A function is bijective if it is both injective and surjective. Bijections pair the elements of $A$ perfectly with the elements of $B$ — this is the precise meaning of " $A$ and $B$ have the same cardinality."

Where this shows up

- **Hash functions:** Cryptographic hashes (SHA-256, BLAKE3) are designed so that finding two inputs with the same output ("collision") is computationally infeasible — this is "*practical* injectivity." Database indexes assume true injectivity of primary keys. - **Lossy compression:** JPEG and MP3 are surjective-but-not-injective maps from raw signals to compressed bitstreams — many original signals can produce the same compressed output, and you cannot recover the exact original. Lossless compression (ZIP, PNG) is bijective on its domain of valid files. - **Dictionary keys and database primary keys:** Both demand that the key-to-value lookup behave like a function with injective targets — no two records share a key. Constraints in SQL enforce this. - **Cantor’s diagonal argument:** Cantor proved that there is no surjection

\mathbb{N} \to \mathbb{R}

— so

\mathbb{R}

is "strictly larger" than

\mathbb{N}

. Bijections (and the lack thereof) are how we measure infinite sizes.

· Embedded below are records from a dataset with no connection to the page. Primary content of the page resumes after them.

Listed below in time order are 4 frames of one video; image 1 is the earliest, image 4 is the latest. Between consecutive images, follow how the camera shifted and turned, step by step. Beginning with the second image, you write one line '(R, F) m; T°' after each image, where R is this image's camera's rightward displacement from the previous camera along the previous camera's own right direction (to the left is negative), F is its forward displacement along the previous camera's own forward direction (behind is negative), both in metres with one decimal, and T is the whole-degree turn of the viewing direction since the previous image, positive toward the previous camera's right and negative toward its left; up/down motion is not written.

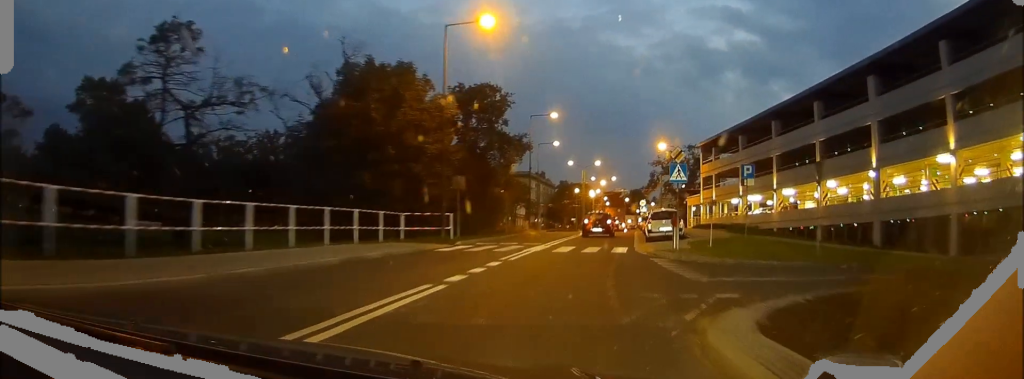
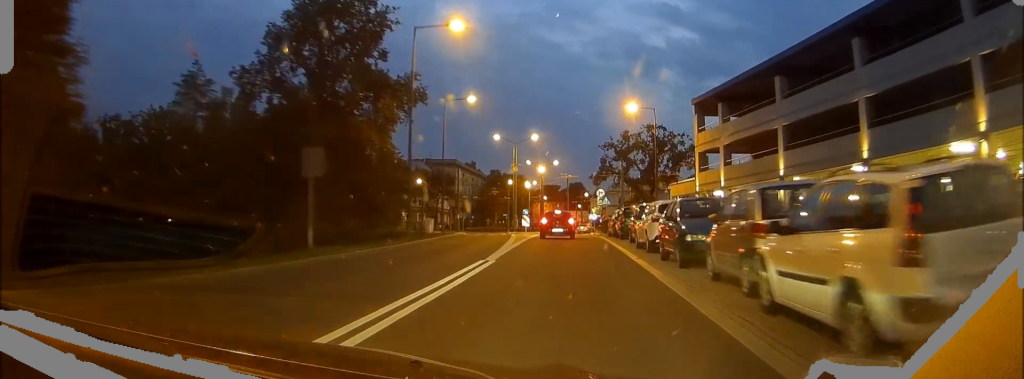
(+1.4, +25.4) m; +6°
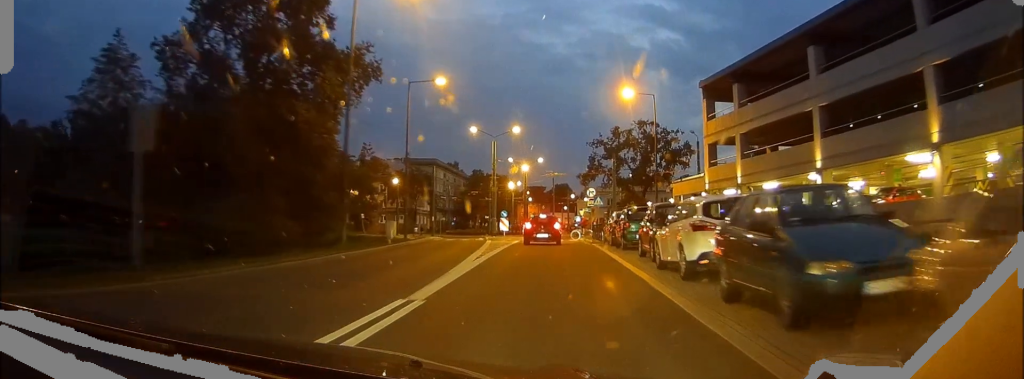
(+0.1, +6.1) m; +1°
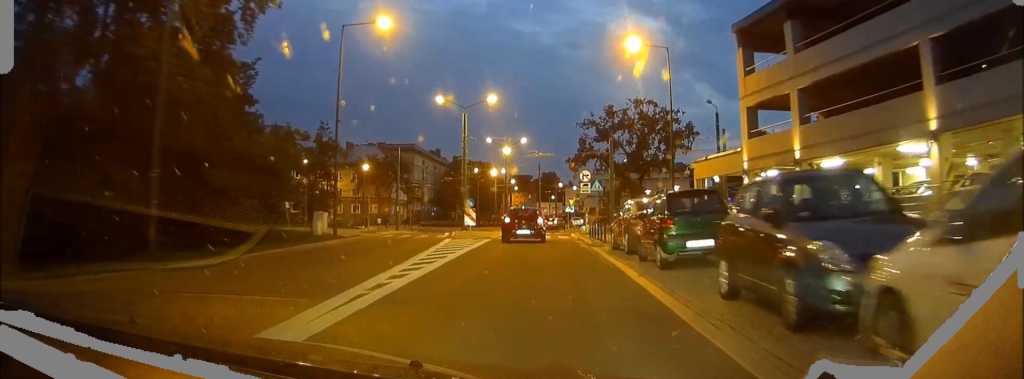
(0.0, +8.3) m; 0°

Pause and think: $f: \mathbb{Z} \to \mathbb{Z},, f(n) = 2n$ . Is it injective? Surjective? If you change the codomain to "even integers," does surjectivity status change?

Try it

Predict, then prove: $f: \mathbb{R} \to \mathbb{R},, f(x) = 3x - 5$ is bijective.
Show by counterexample that $g: \mathbb{R} \to \mathbb{R},, g(x) = x^2$ is neither injective nor surjective. What if we restrict the domain to $[0, \infty)$ and the codomain to $[0, \infty)$ ?
Use the widget to build an injective-but-not-surjective function from ${1, 2}$ to ${a, b, c}$ .
Prove: if $f$ and $g$ are both injective, then $g \circ f$ is injective.
Find a function $f: \mathbb{N} \to \mathbb{N}$ that is surjective but not injective.

A trap to watch for

To disprove injectivity you need two distinct inputs giving the same output — not just one repeated output. Writing " $g(2) = 4$ shows $g(x) = x^2$ is not injective" is incomplete; you need the second witness, e.g. " $g(-2) = 4$ as well, and $2 \neq -2$ ." Similarly for surjectivity: producing one preimage doesn’t prove a function is onto — you need to argue that every codomain element has a preimage.

What you now know

You can prove or disprove injectivity by the assume-equal-and-conclude-equal pattern, prove or disprove surjectivity by constructing or blocking preimages, and recognise bijections as the formal version of "same cardinality." Section 5.3 puts these properties to work: a function is invertible iff it is bijective.

References

Velleman, D. J. (2019). How to Prove It (3rd ed.). Cambridge University Press, §5.2.
Hammack, R. (2018). Book of Proof, ch. 12.
Halmos, P. R. (1960). Naive Set Theory. Springer, §8-9.
Cantor, G. (1891). "Ueber eine elementare Frage der Mannigfaltigkeitslehre." Jahresbericht der DMV 1, 75-78 (the diagonal argument).
Katz, J., Lindell, Y. (2014). Introduction to Modern Cryptography (2nd ed.). CRC Press, ch. 6 (hash functions and collision resistance).